> Data for processing:
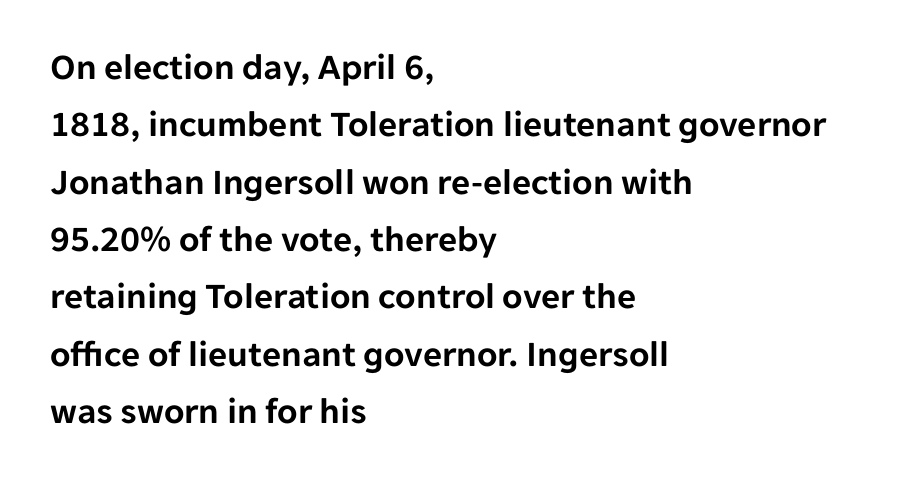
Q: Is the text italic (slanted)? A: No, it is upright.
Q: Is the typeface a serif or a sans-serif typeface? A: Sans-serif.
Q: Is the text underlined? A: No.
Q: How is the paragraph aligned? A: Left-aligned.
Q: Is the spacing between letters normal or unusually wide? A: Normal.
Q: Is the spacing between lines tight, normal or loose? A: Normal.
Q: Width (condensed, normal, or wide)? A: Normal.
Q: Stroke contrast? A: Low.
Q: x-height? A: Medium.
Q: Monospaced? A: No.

==

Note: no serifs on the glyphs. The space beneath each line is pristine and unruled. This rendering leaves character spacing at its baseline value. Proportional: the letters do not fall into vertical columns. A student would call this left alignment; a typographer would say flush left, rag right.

...

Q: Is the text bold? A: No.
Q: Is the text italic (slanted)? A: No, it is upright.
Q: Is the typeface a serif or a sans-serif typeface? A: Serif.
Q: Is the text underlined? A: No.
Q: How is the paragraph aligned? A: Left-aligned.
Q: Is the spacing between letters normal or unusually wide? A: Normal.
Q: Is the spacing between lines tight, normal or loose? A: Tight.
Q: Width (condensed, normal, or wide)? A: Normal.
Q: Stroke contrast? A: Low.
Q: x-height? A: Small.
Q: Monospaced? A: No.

> Task brief: When a line in the material above includes the word "between", copy that line.

> Result:
Q: Is the spacing between letters normal or unusually wide? A: Normal.
Q: Is the spacing between lines tight, normal or loose? A: Normal.
Q: Is the spacing between letters normal or unusually wide? A: Normal.
Q: Is the spacing between lines tight, normal or loose? A: Tight.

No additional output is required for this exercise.